The Jan. 12 closing of the Englewood STI Specialty Clinic, 641 W. 63rd Street, means that Englewood residents with the wherewithal will have to pay for HIV testing, treatment of sexually transmitted diseases and birth control services that the city had been providing for free.
The shuttered clinic was located in the basement of a building that houses the University of Illinois at Chicago Miles Square Health Center and a Howard Brown clinic. Both offer comprehensive health care with a sliding scale of fees based on a patient’s ability to pay.
The other three city-run STI clinics are located in Austin, Lake View and Roseland.
“We have new partners at that same Englewood location, so there isn’t a shortage of service…We only offered HIV services. They offer comprehensive primary care and reproductive care,” said Health Department spokesperson Anel Ruiz.
“If they can pay, they will be asked to pay. But no one will be turned away for an inability to pay.”
Local Ald. Ray Lopez (15th) played down the impact on Englewood residents.
“My experience with Howard Brown, which has been a staple in the LGBTQ community, is that they do take payments, but on a sliding scale. They’ve always been willing to work with people,” Lopez said.
“If we had no community partners helping us pick up where the federal government is pulling back, this would be a travesty. However, Howard Brown and Miles Square are committed to keeping these testing opportunities available to people on the South Side.”
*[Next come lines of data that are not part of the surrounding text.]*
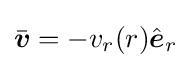
{\bar {\boldsymbol {v}}}=-v_{r}(r){\hat {\boldsymbol {e}}}_{r}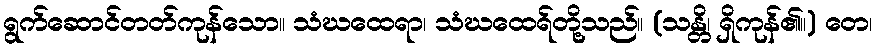
ရွက်ဆောင်တတ်ကုန်သော။ သံဃထေရာ၊ သံဃထေရ်တို့သည်။ (သန္တိ၊ ရှိကုန်၏။) တေ၊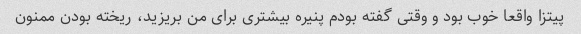
پیتزا واقعا خوب بود و وقتی گفته بودم پنیره بیشتری برای من بریزید، ریخته بودن ممنون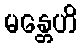
မန္တေဟိ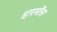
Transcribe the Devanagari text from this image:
हारमोंस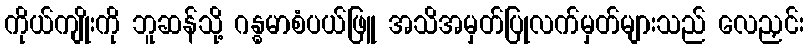
ကိုယ်ကျိုးကို ဘူဆန်သို့ ဂန္ဓမာစံပယ်ဖြူ အသိအမှတ်ပြုလက်မှတ်များသည် လေညှင်း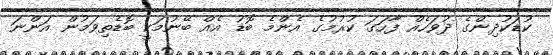
ކުޑަކުދިންގެ ދުވަހެއް ފާހަގަ ކުރުމުގެ އެންމެ ބޮޑު އެއް ބޭނުމަކީ ބޮޑެތިވަމުން އަންނަ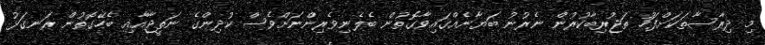
މި ދިރާސާތަކަށްފަހު ތަޖުރިބާކުރުން ނެރުނު ބަޔާނެއްގައިވާގޮތުން ބެލެނިވެރިންނަށްވެސް ކުދިންގެ ނަތީޖާއާއި ބެހޭގޮތުން ރަނގަޅު

Lopez said he knows first-hand how traumatic it can be to be forced to leave your neighborhood to get tested for HIV.
“When I was 21, I had to go on a train by myself to the Howard Brown clinic in Uptown,” Lopez said.
“The fact that these clinics are committed to being on the South Side is an absolute benefit to the neighborhood.”
Ruiz argued that Chicago is a victim of its own success when it comes to combating HIV.
In 2016, the city reached a new low of 839 new HIV infections, down from 1,850 new HIV cases in 2001.
“We have those great results, coupled with the fact that the CDC [Centers for Disease Control] adjusted their funding formula for HIV prevention and surveillance. As a result, we saw a reduction of $2.5 million [in federal funding] from the year before,” Ruiz said.
Ruiz acknowledged that Chicago still has a long way to go, particularly among African-Americans.
Blacks accounted for 58.5 percent of newly-diagnosed cases of HIV and 56.4 percent of AIDS diagnoses, she said.
Last fall, Mayor Rahm Emanuel embraced an ambitious plan aimed at eliminating new diagnoses of HIV in Chicago and across the state over the next decade.
The partnership between the city and state Departments of Public Health, 10 community organizations hospitals was appropriately called “Getting to Zero.”
It has two main goals: To increase the use of prevention medications among the most vulnerable to the disease and ensure that 70 percent of all people living with HIV receive the medication they need to reduce the “viral load” that officials said “significantly reduces the risk of transmission.”